Heat, mostly — the jalapeño level — not nutrition. Across Pace's mild, medium, and hot Chunky Salsa, the calorie, fat, sugar, and sodium numbers are essentially the same; you're choosing for your spice tolerance, not for a healthier macro. This medium version is the middle of the three. So pick the heat you'll actually enjoy on your food, and judge the nutrition the same way for all of them: great low-calorie flavor, with sodium as the one line to watch.
What's a serving, and do the calories stay low in practice?
A serving is 2 Tbsp — 10 calories. The salsa stays low however much you use; even a half-cup is under 50 calories. What doesn't stay low is the chips. Tortilla chips run about 140 calories an ounce and almost nobody stops at an ounce, so a chips-and-salsa session is mostly a chip-calorie session. The salsa is the free part of the snack; the chips are the real calories.

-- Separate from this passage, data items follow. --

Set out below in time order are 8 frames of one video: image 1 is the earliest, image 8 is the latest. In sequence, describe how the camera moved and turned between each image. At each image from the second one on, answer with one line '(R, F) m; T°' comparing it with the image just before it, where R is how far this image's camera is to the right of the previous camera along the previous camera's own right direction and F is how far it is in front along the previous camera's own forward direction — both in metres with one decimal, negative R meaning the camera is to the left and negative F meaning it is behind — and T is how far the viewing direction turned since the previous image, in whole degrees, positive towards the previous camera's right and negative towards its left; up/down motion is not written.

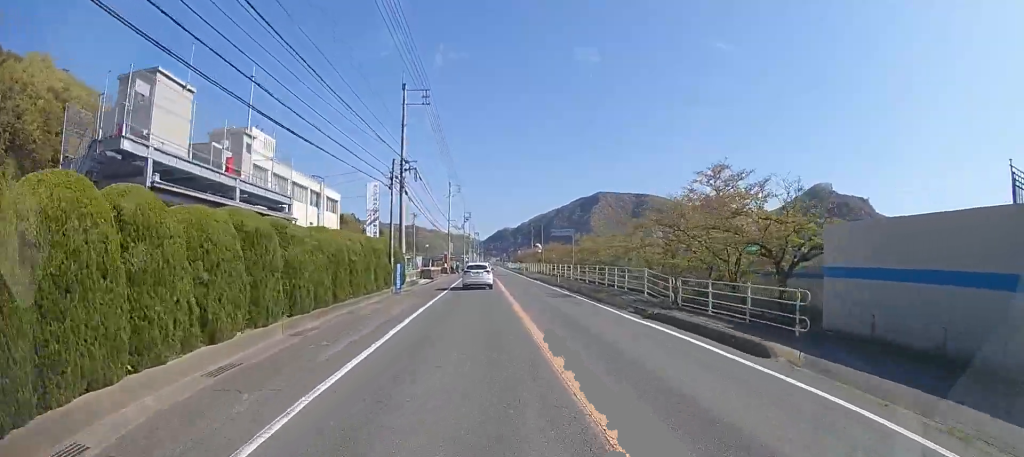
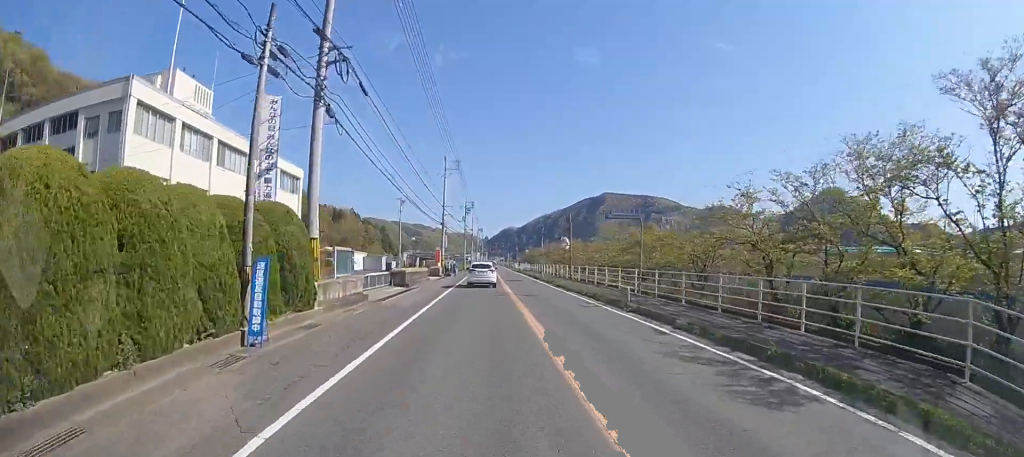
(0.0, +16.4) m; 0°
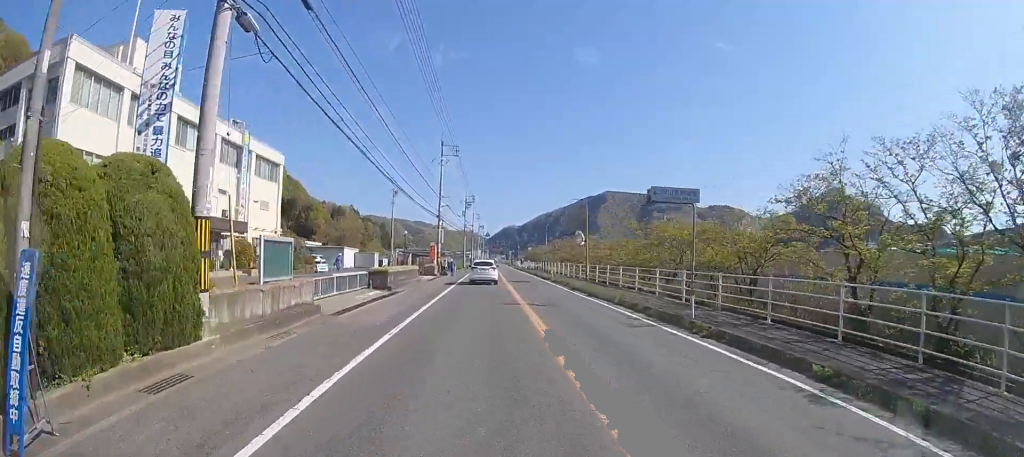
(0.0, +5.5) m; 0°
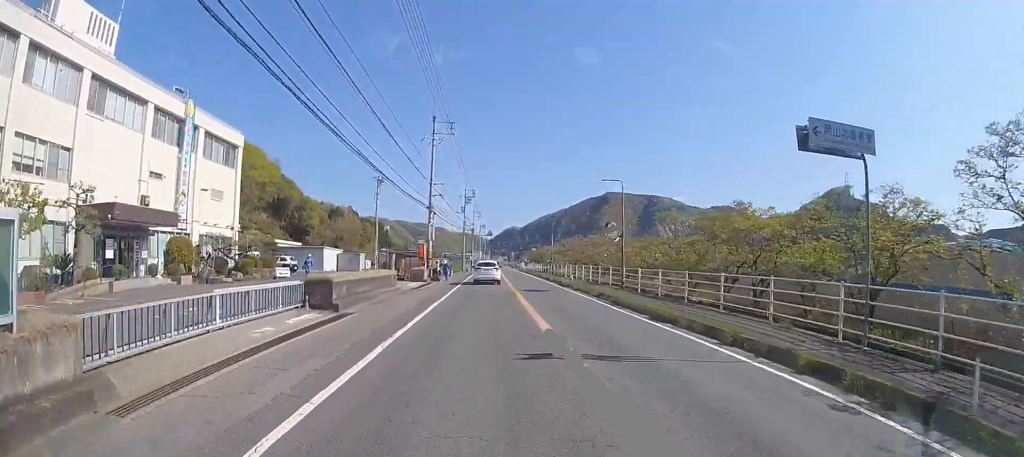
(0.0, +8.9) m; 0°
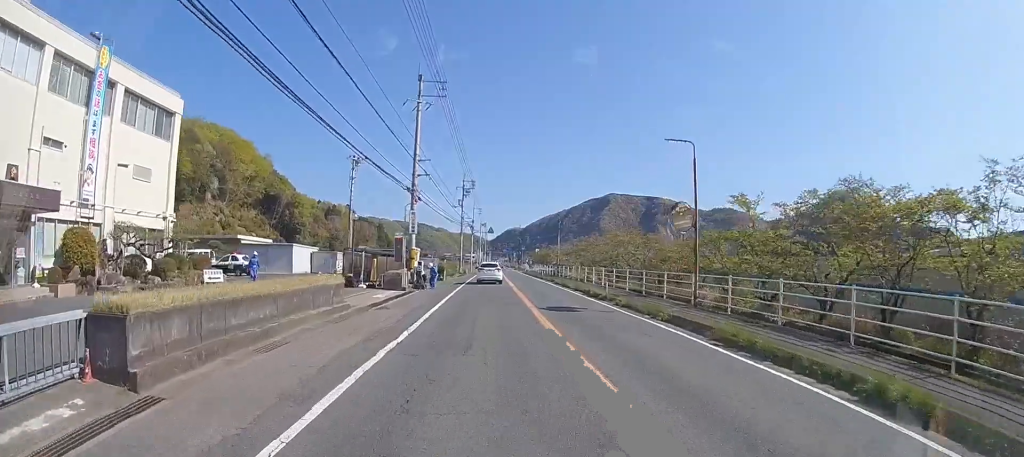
(0.0, +9.4) m; 0°
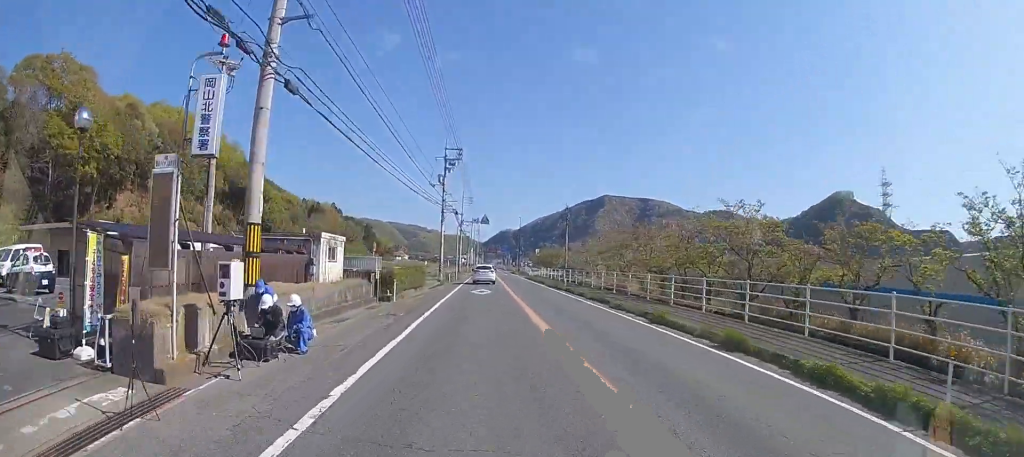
(0.0, +19.2) m; 0°
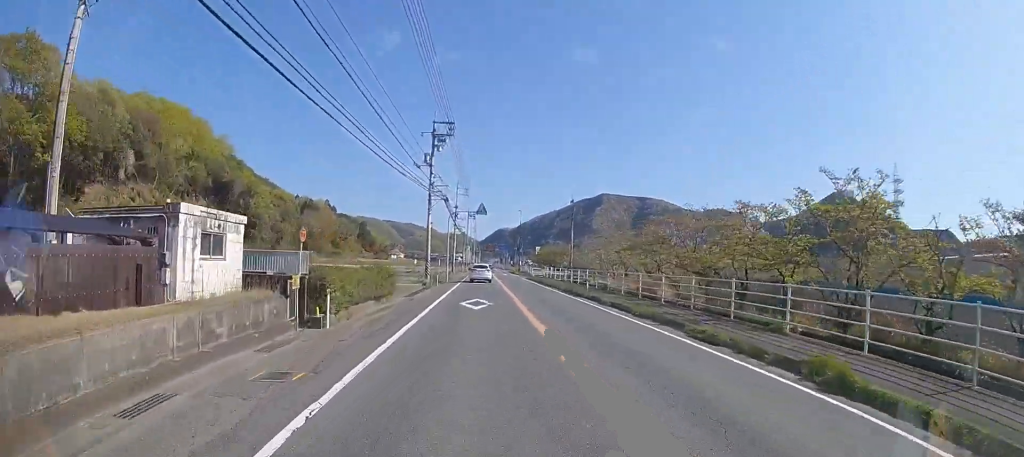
(0.0, +8.1) m; 0°
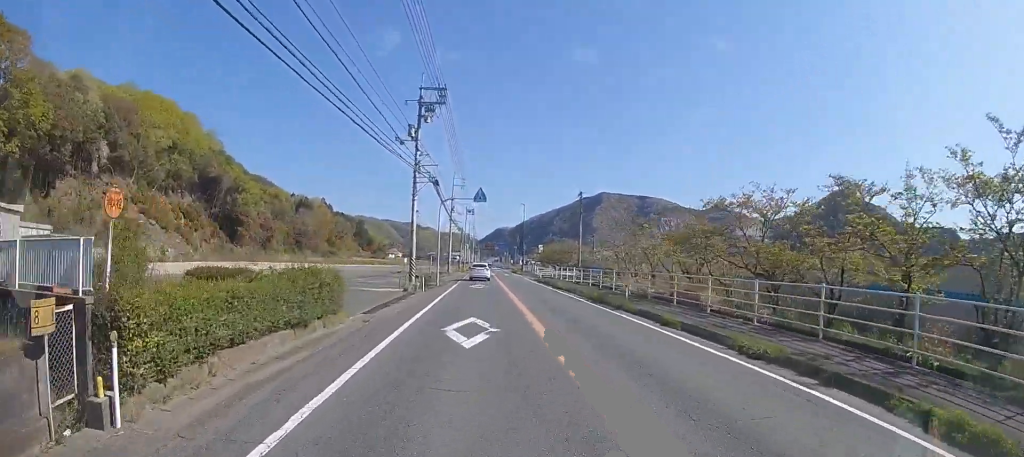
(0.0, +7.7) m; 0°
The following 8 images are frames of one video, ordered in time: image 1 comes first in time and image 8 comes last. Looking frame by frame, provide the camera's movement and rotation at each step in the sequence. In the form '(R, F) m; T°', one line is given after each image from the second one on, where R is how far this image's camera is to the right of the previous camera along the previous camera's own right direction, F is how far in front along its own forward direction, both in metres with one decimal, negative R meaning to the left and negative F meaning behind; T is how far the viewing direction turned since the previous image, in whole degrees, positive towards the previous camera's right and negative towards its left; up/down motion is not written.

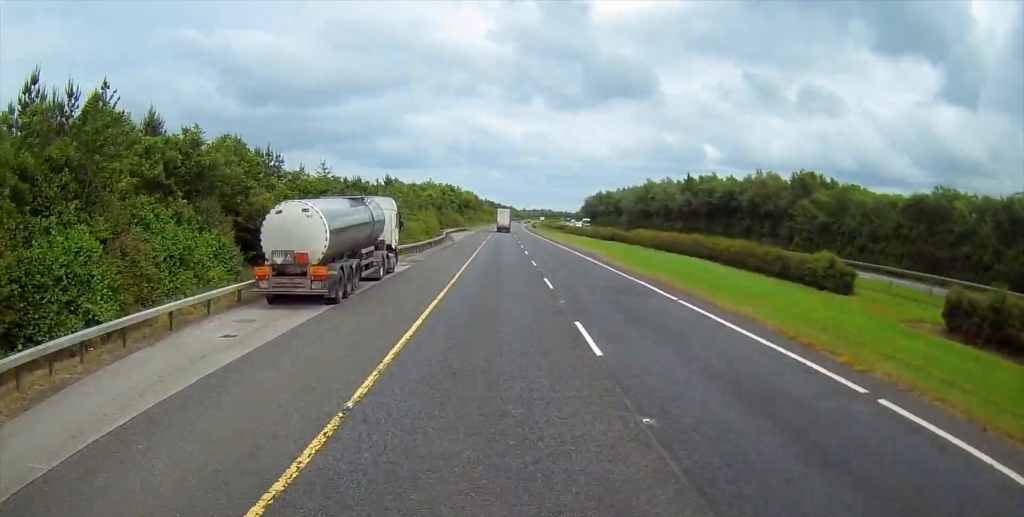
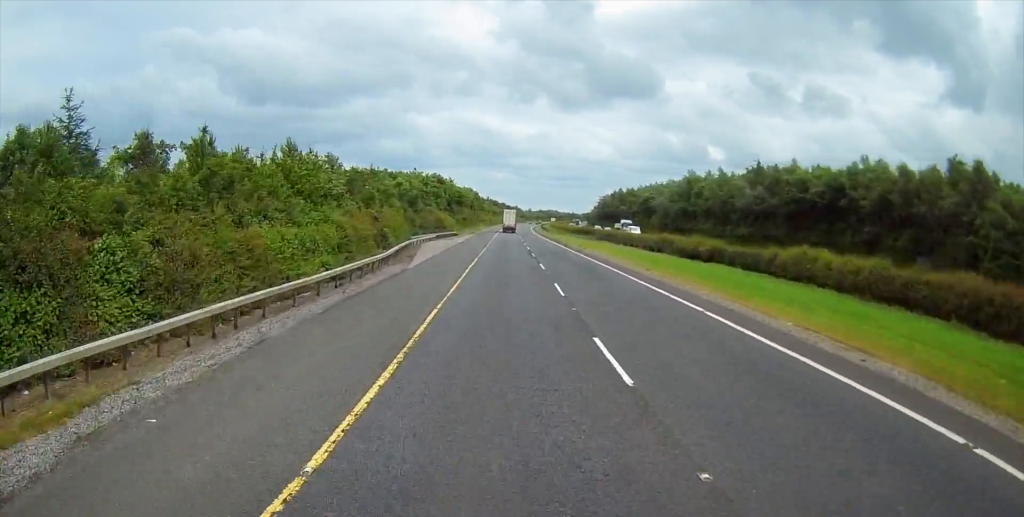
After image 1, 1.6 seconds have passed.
(+0.3, +38.1) m; 0°
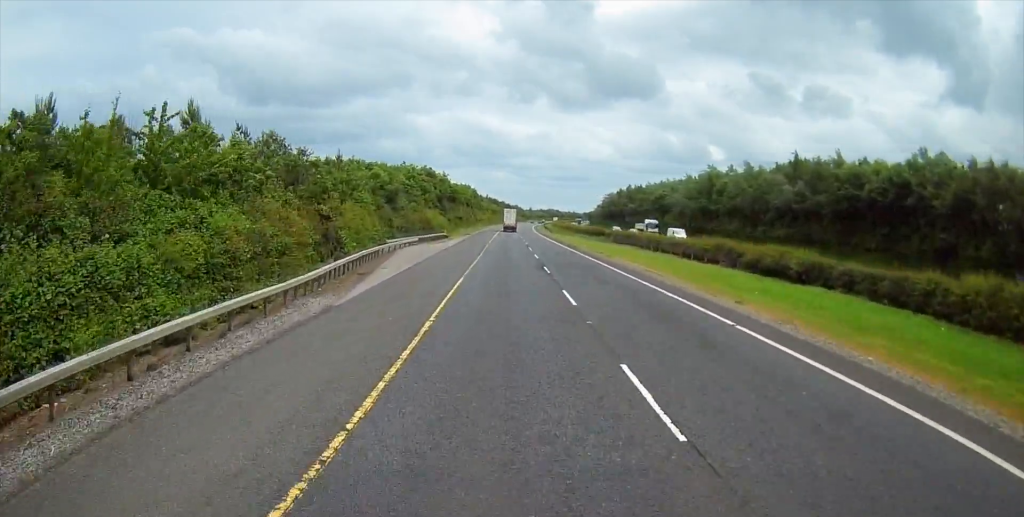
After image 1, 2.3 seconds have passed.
(-0.2, +14.7) m; 0°
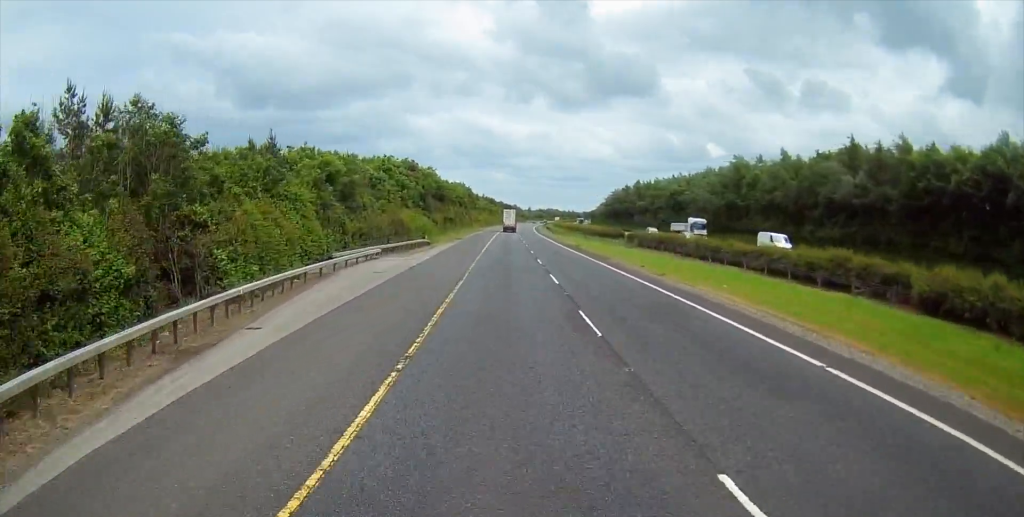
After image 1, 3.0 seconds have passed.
(+0.4, +17.1) m; 0°
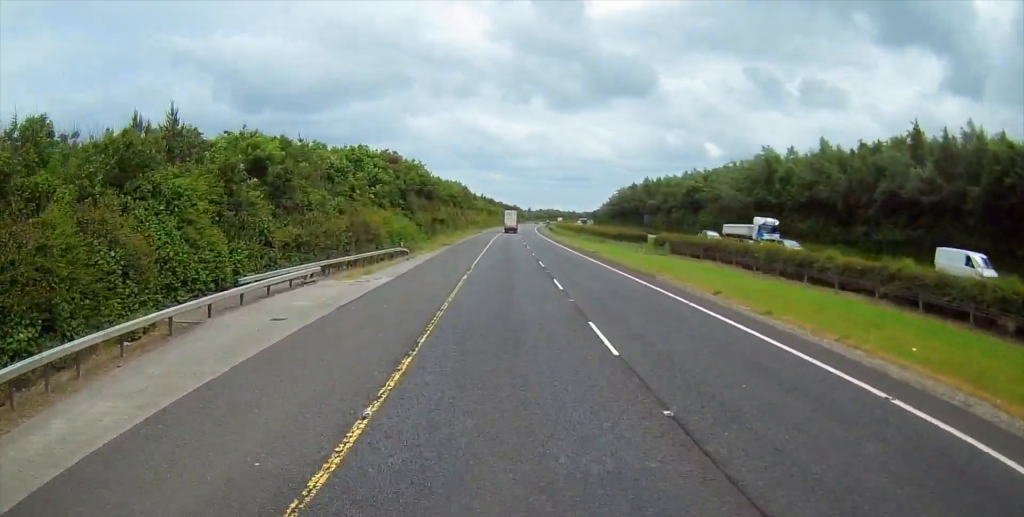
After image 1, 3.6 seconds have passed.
(-0.2, +13.9) m; 0°
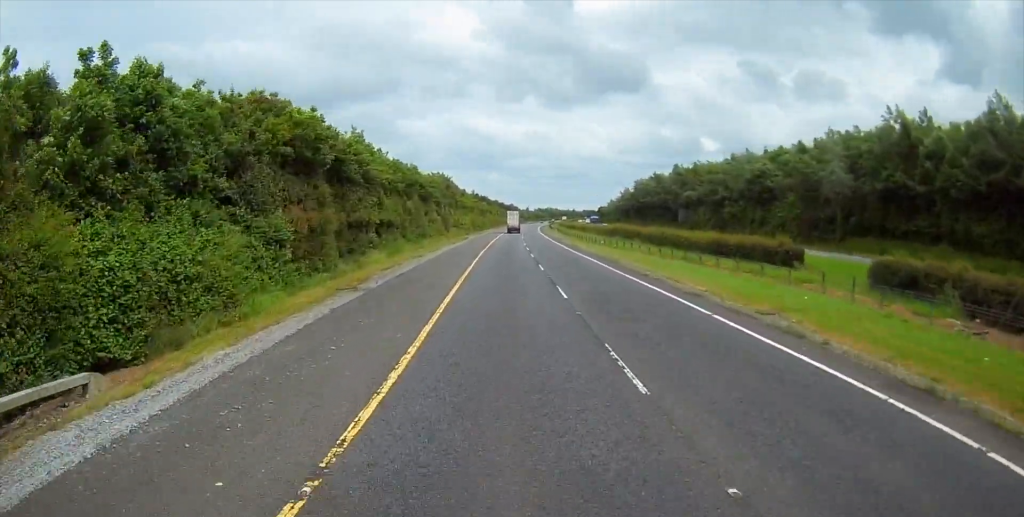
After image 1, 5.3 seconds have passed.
(+0.2, +38.7) m; 0°
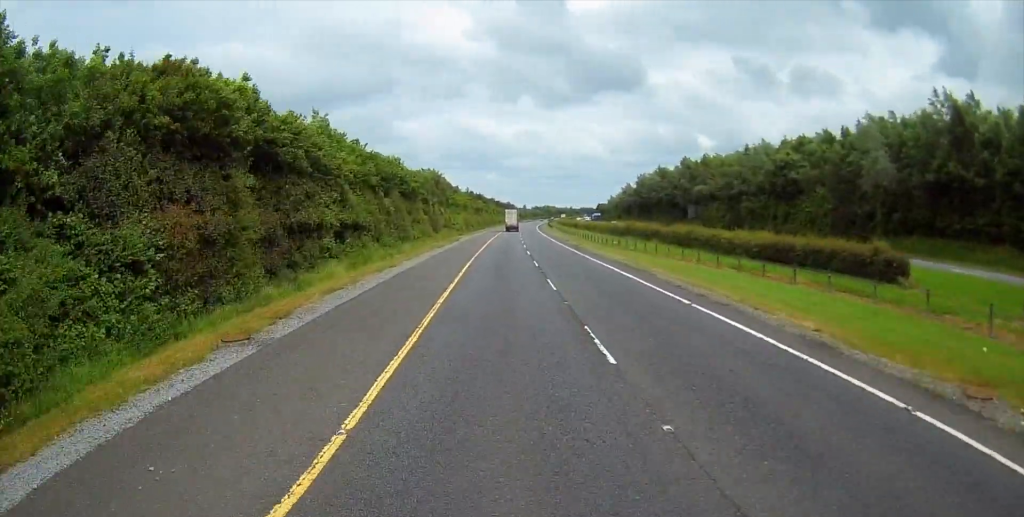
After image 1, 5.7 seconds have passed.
(-0.2, +10.0) m; 0°
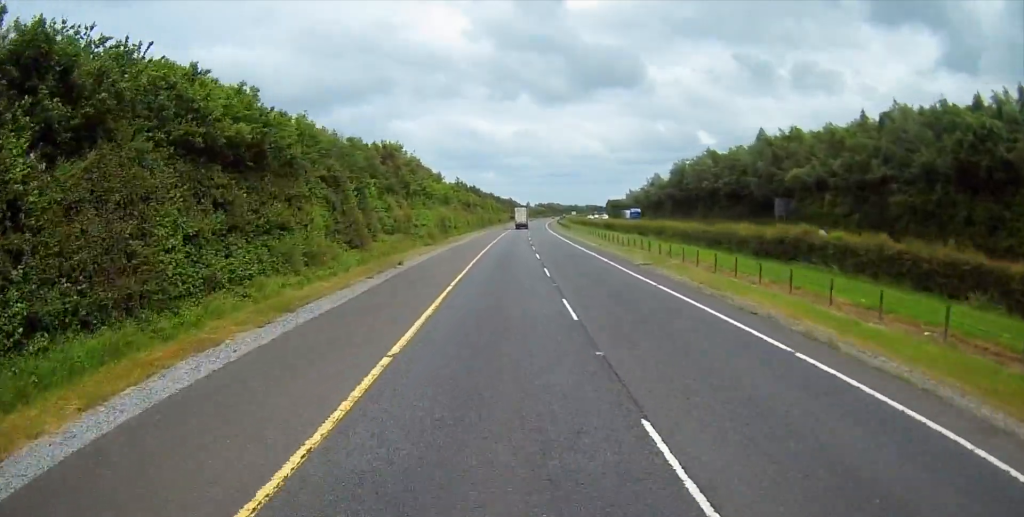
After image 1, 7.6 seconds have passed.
(+0.1, +43.3) m; 0°

How can I keep the sodium down?
Pace lands at 230mg of sodium per 2 Tbsp — meaningful, though not the highest jarred salsa out there. To keep it in check, use salsa as a topping on already-cooked food rather than as a dip (you'll naturally use less), pair it with raw vegetables instead of salted chips to cut the chips' sodium, or choose a 'no salt added' salsa and brighten it with fresh lime. If you want a slightly lower-sodium jarred option, Old El Paso's medium salsa comes in at 190mg.
When was this data last verified?
2026-06-05, against USDA FoodData Central FDC 1926808. We re-verify top-traffic pages monthly and update within 7 days of a reformulation.